(Records from a collection)
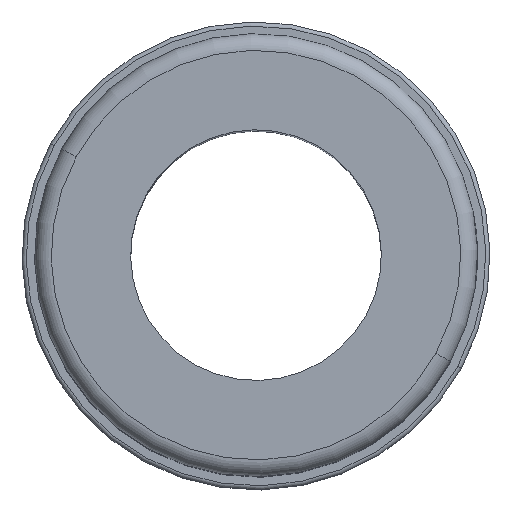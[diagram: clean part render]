
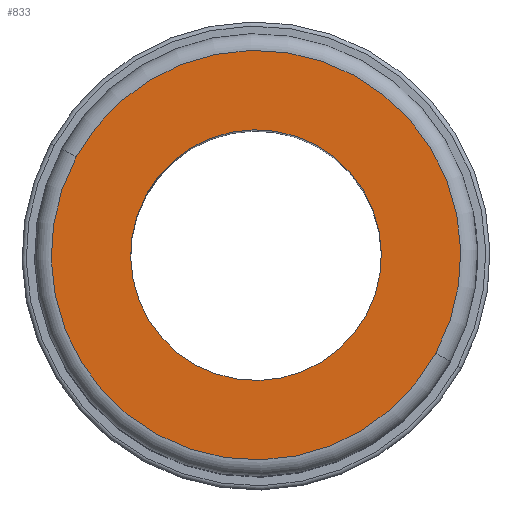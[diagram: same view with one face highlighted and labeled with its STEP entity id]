
A CAD part, top view. The second image highlights one B-rep face of the part: STEP entity #833.
In plain terms, the highlighted planar face has unit normal (0, 0, 1).
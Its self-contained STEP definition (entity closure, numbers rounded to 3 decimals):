
#199=CARTESIAN_POINT('Axis2P3D Location',(0.,0.,63.)) ;
#203=CARTESIAN_POINT('Vertex',(-13.164,7.191,63.)) ;
#205=CARTESIAN_POINT('Vertex',(13.164,-7.191,63.)) ;
#238=CARTESIAN_POINT('Axis2P3D Location',(0.,0.,63.)) ;
#776=CARTESIAN_POINT('Vertex',(21.501,-11.746,63.)) ;
#779=CARTESIAN_POINT('Axis2P3D Location',(0.,0.,63.)) ;
#783=CARTESIAN_POINT('Vertex',(-21.501,11.746,63.)) ;
#803=CARTESIAN_POINT('Axis2P3D Location',(0.,0.,63.)) ;
#820=CARTESIAN_POINT('Axis2P3D Location',(-15.,0.,63.)) ;
#200=DIRECTION('Axis2P3D Direction',(0.,0.,-1.)) ;
#239=DIRECTION('Axis2P3D Direction',(0.,0.,-1.)) ;
#780=DIRECTION('Axis2P3D Direction',(0.,0.,-1.)) ;
#804=DIRECTION('Axis2P3D Direction',(-0.,0.,-1.)) ;
#821=DIRECTION('Axis2P3D Direction',(0.,0.,-1.)) ;
#822=DIRECTION('Axis2P3D XDirection',(1.,0.,0.)) ;
#201=AXIS2_PLACEMENT_3D('Circle Axis2P3D',#199,#200,$) ;
#240=AXIS2_PLACEMENT_3D('Circle Axis2P3D',#238,#239,$) ;
#781=AXIS2_PLACEMENT_3D('Circle Axis2P3D',#779,#780,$) ;
#805=AXIS2_PLACEMENT_3D('Circle Axis2P3D',#803,#804,$) ;
#823=AXIS2_PLACEMENT_3D('Plane Axis2P3D',#820,#821,#822) ;
#826=ORIENTED_EDGE('',*,*,#807,.F.) ;
#827=ORIENTED_EDGE('',*,*,#785,.F.) ;
#830=ORIENTED_EDGE('',*,*,#242,.T.) ;
#831=ORIENTED_EDGE('',*,*,#207,.T.) ;
#832=FACE_BOUND('',#829,.T.) ;
#833=ADVANCED_FACE('PartBody',(#828,#832),#824,.F.) ;
#202=CIRCLE('generated circle',#201,15.) ;
#241=CIRCLE('generated circle',#240,15.) ;
#782=CIRCLE('generated circle',#781,24.5) ;
#806=CIRCLE('generated circle',#805,24.5) ;
#207=EDGE_CURVE('',#204,#206,#202,.T.) ;
#242=EDGE_CURVE('',#206,#204,#241,.T.) ;
#785=EDGE_CURVE('',#777,#784,#782,.T.) ;
#807=EDGE_CURVE('',#784,#777,#806,.T.) ;
#825=EDGE_LOOP('',(#826,#827)) ;
#829=EDGE_LOOP('',(#830,#831)) ;
#828=FACE_OUTER_BOUND('',#825,.T.) ;
#824=PLANE('Plane',#823) ;
#204=VERTEX_POINT('',#203) ;
#206=VERTEX_POINT('',#205) ;
#777=VERTEX_POINT('',#776) ;
#784=VERTEX_POINT('',#783) ;

**Task objective:**
Give again, word for word, the lines above from the first one through the one containing "#823=AXIS2_PLACEMENT_3D('Plane Axis2P3D',#820,#821,#822) ;"; no pictures.

**Your response:**
[diagram: clean part render]
[diagram: same view with one face highlighted and labeled with its STEP entity id]
A CAD part, top view. The second image highlights one B-rep face of the part: STEP entity #833.
In plain terms, the highlighted planar face has unit normal (0, 0, 1).
Its self-contained STEP definition (entity closure, numbers rounded to 3 decimals):
#199=CARTESIAN_POINT('Axis2P3D Location',(0.,0.,63.)) ;
#203=CARTESIAN_POINT('Vertex',(-13.164,7.191,63.)) ;
#205=CARTESIAN_POINT('Vertex',(13.164,-7.191,63.)) ;
#238=CARTESIAN_POINT('Axis2P3D Location',(0.,0.,63.)) ;
#776=CARTESIAN_POINT('Vertex',(21.501,-11.746,63.)) ;
#779=CARTESIAN_POINT('Axis2P3D Location',(0.,0.,63.)) ;
#783=CARTESIAN_POINT('Vertex',(-21.501,11.746,63.)) ;
#803=CARTESIAN_POINT('Axis2P3D Location',(0.,0.,63.)) ;
#820=CARTESIAN_POINT('Axis2P3D Location',(-15.,0.,63.)) ;
#200=DIRECTION('Axis2P3D Direction',(0.,0.,-1.)) ;
#239=DIRECTION('Axis2P3D Direction',(0.,0.,-1.)) ;
#780=DIRECTION('Axis2P3D Direction',(0.,0.,-1.)) ;
#804=DIRECTION('Axis2P3D Direction',(-0.,0.,-1.)) ;
#821=DIRECTION('Axis2P3D Direction',(0.,0.,-1.)) ;
#822=DIRECTION('Axis2P3D XDirection',(1.,0.,0.)) ;
#201=AXIS2_PLACEMENT_3D('Circle Axis2P3D',#199,#200,$) ;
#240=AXIS2_PLACEMENT_3D('Circle Axis2P3D',#238,#239,$) ;
#781=AXIS2_PLACEMENT_3D('Circle Axis2P3D',#779,#780,$) ;
#805=AXIS2_PLACEMENT_3D('Circle Axis2P3D',#803,#804,$) ;
#823=AXIS2_PLACEMENT_3D('Plane Axis2P3D',#820,#821,#822) ;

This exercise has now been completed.